Data shown Start Marker
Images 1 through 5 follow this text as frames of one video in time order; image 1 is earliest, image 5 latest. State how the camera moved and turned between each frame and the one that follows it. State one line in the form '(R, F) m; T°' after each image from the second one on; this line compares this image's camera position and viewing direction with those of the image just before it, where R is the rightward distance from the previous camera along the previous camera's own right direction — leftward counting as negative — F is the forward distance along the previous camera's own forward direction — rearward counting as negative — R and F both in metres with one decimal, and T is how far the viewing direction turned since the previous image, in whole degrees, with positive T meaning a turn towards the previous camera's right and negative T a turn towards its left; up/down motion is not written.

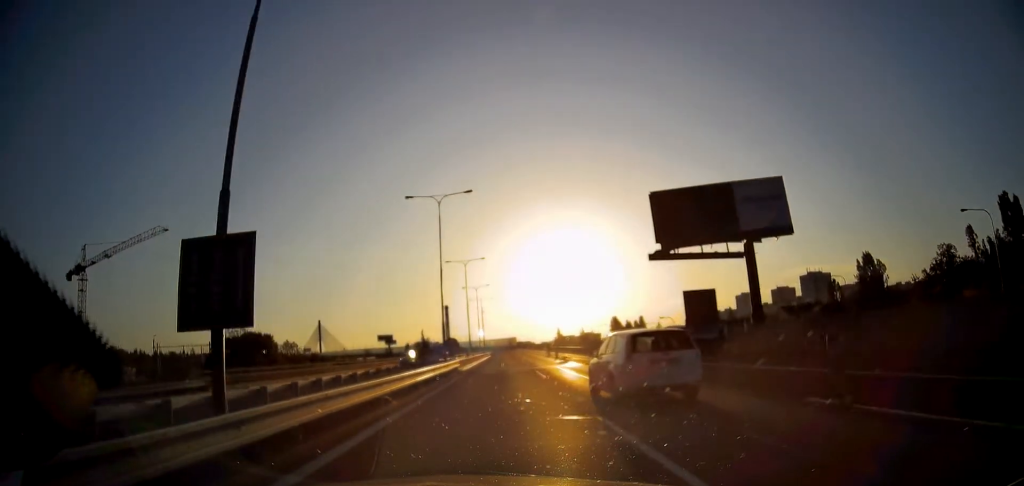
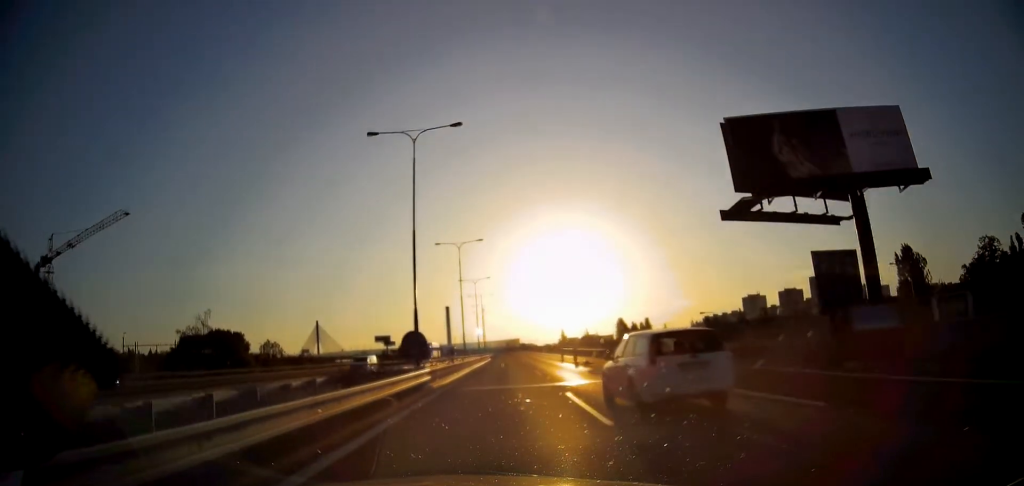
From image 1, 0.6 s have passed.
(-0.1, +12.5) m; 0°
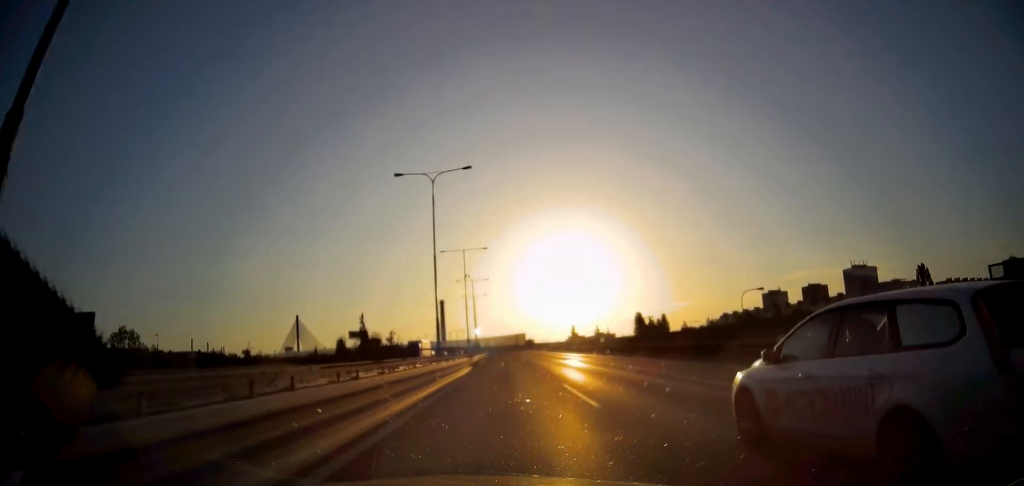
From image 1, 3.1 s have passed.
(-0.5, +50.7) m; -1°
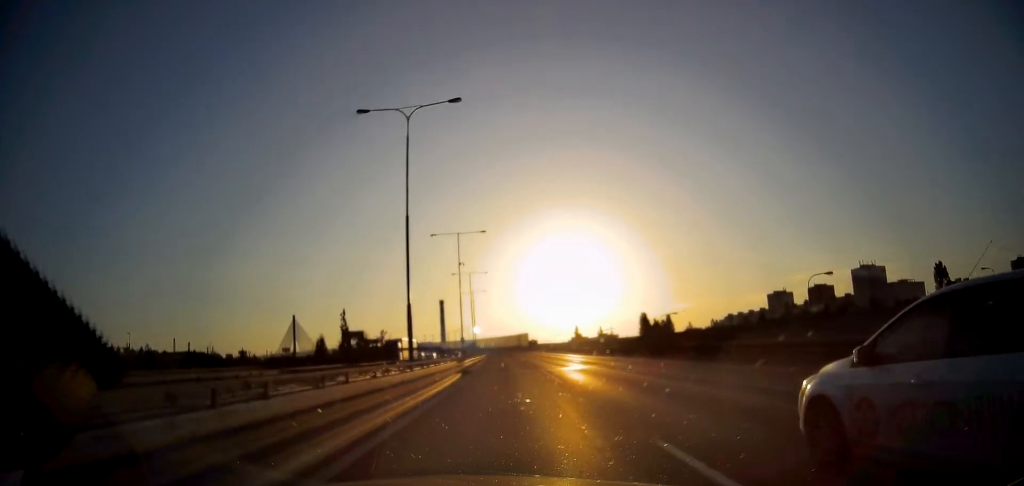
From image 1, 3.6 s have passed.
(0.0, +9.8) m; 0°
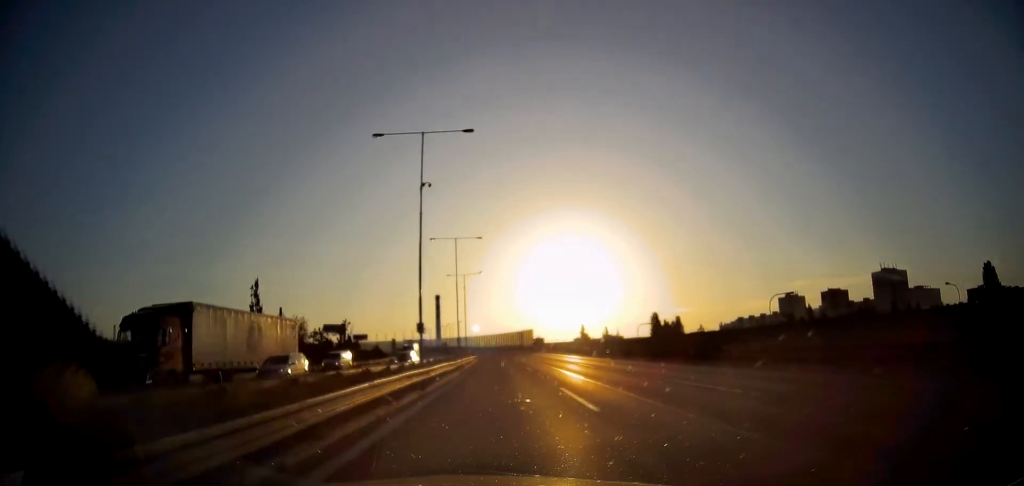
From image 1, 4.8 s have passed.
Data shown End Marker
• [Task instructions]
Return an exact transcription of the entries above, excluding each image.

• [Solution]
Images 1 through 5 follow this text as frames of one video in time order; image 1 is earliest, image 5 latest. State how the camera moved and turned between each frame and the one that follows it. State one line in the form '(R, F) m; T°' after each image from the second one on; this line compares this image's camera position and viewing direction with those of the image just before it, where R is the rightward distance from the previous camera along the previous camera's own right direction — leftward counting as negative — F is the forward distance along the previous camera's own forward direction — rearward counting as negative — R and F both in metres with one decimal, and T is how far the viewing direction turned since the previous image, in whole degrees, with positive T meaning a turn towards the previous camera's right and negative T a turn towards its left; up/down motion is not written.

From image 1, 0.6 s have passed.
(-0.1, +12.5) m; 0°
From image 1, 3.1 s have passed.
(-0.5, +50.7) m; -1°
From image 1, 3.6 s have passed.
(0.0, +9.8) m; 0°
From image 1, 4.8 s have passed.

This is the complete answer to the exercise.